There are solutions to this problem; none of them ideal. I could, for instance, mute my sound. Part of the point of being in Second Life while doing something else, however, is enjoying the sounds I hear. I could switch on DND, but then I might miss important IMs from my friends. I might switch on DND except for IMs from friends, but then I might miss an important IM from someone related to business issues about my region, or my other projects inworld. I might filter my IMs for blocked keyword phrases. That sounds fine on paper, but I have a feeling it’d be a pretty long and loathsome project typing every offensive keyword phrase that you may use in a lecherous pick up line.

I am guessing one of the reasons you do approach by IM is because you can thereby avoid the perceived humiliation of being ignored; or worse, risk my flat-out public rejection of your approach.

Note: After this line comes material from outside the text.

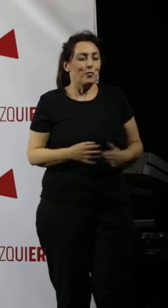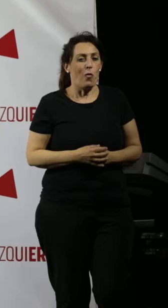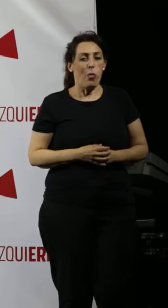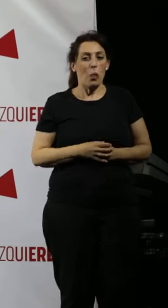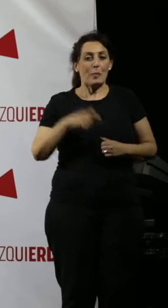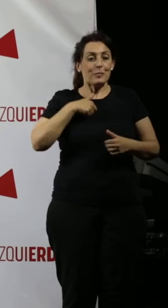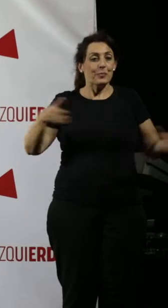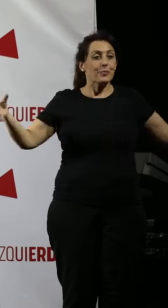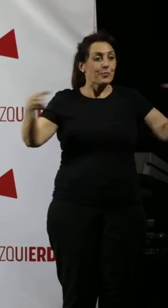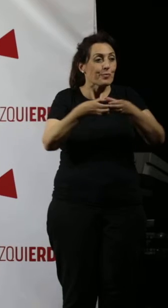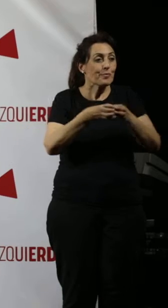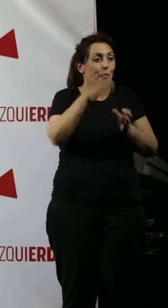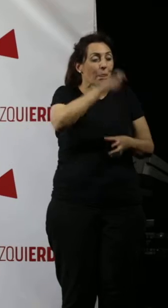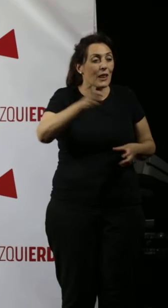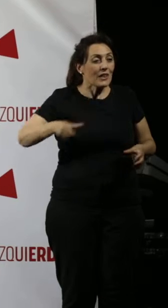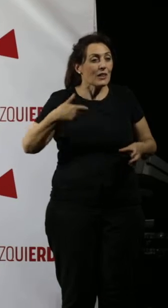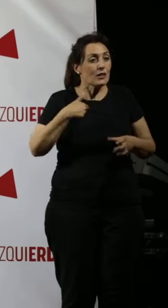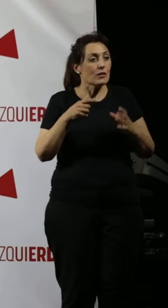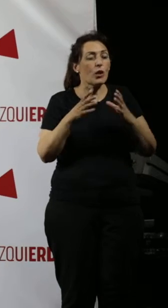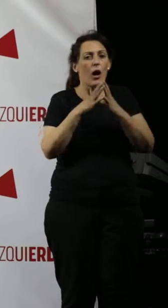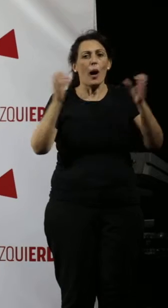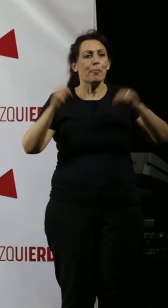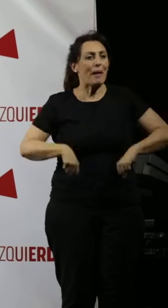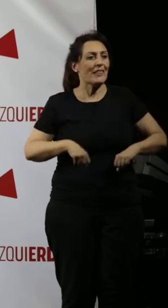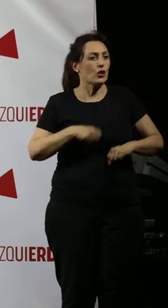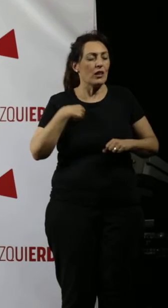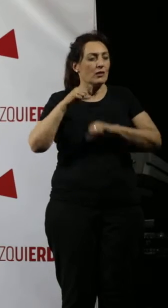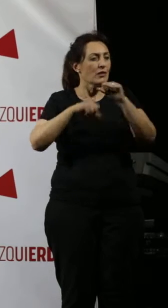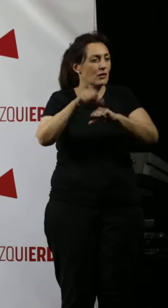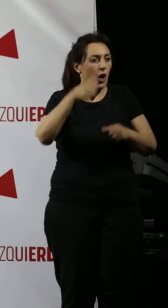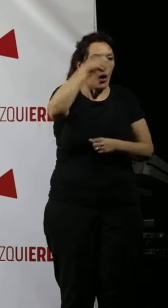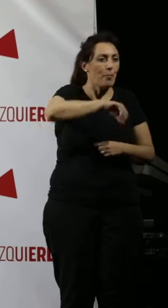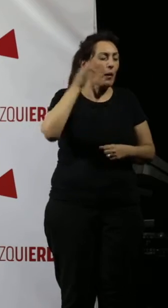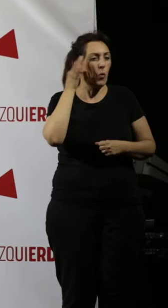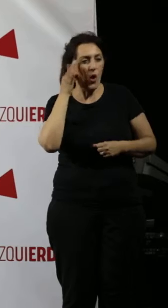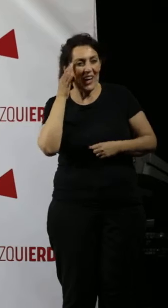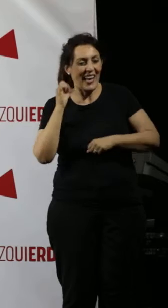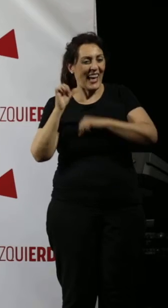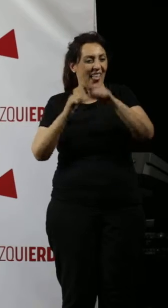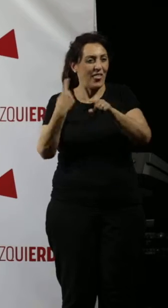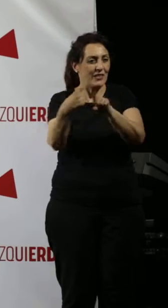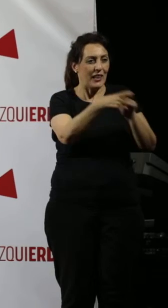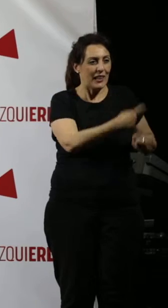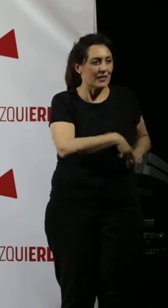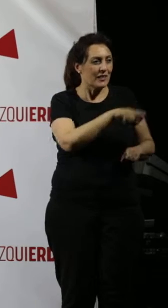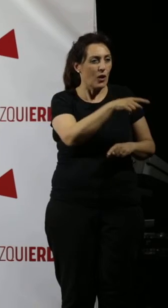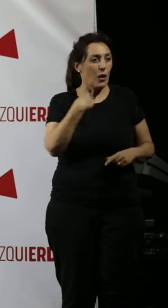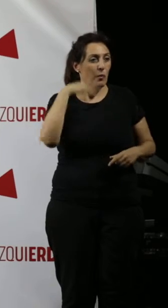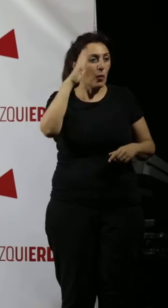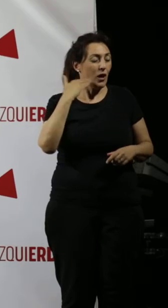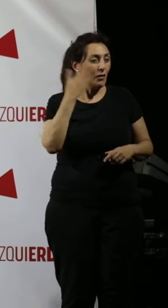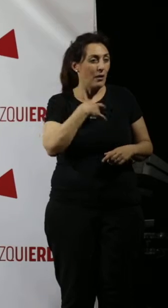Y este equipo de gente de pacto intergeneracional entre hombre y mujer que, como decía Carola, se

Using local chat, especially when others might near, shows confidence. A part of me sometimes thinks that you’d be embarrassed by your lack of smoothness if anyone else heard your approach in local chat; so, lucky me, you’ve chosen instead to privately whisper your proposal in my ear.

Perhaps another reason for IMing instead of using local chat is because I am seated outside of your local chat range, which brings me to the next issue.

Coffee Girl 2

Use your legs

After all my time as a resident, I still fail to understand the resistance to walking in Second Life. It’s not like it even burns calories. Instead of walking over, it is much more common for people to try their luck from over hundreds of metres away.

First off, It strikes me as lazy. It makes me think you are simply running a numbers game, IMing every vaguely feminine-sounding name on your Nearby list, in the hope that your textual sex missile hits a receptive bullseye.

Second, it’s creepy. It’s like getting a call on my mobile from an unknown number and hearing the person on the other end talk to me as if they see me. Imagine this happening in real-life:

“Hey” said the disembodied voice on the mobile, “you are so sexy.”

Just pondering it makes my skin crawl.

Far better, regardless of your intent, would have been to take the effort to walk nearby, then stop while standing at a reasonably safe distance and saying a simple “Hello” in local chat. Getting your IM from a distant and unseen location feels a bit like you’re observing me through the virtual equivalent of power-zoom binoculars. And no, I don’t like that.

Beyond the creepiness factor, when you zoom in on me from a far distance, you have a distinct advantage over me by seeing me without me seeing you. It may sound superficial, but I tend to like to see who is approaching me, just like I’d assume you like to see whom you approach. It’s only fair, right? And, if you’re hiding somewhere unseen because you assume your appearance might put me off, then perhaps it’s time to stop band-aiding the problem and upgrade your avatar’s appearance.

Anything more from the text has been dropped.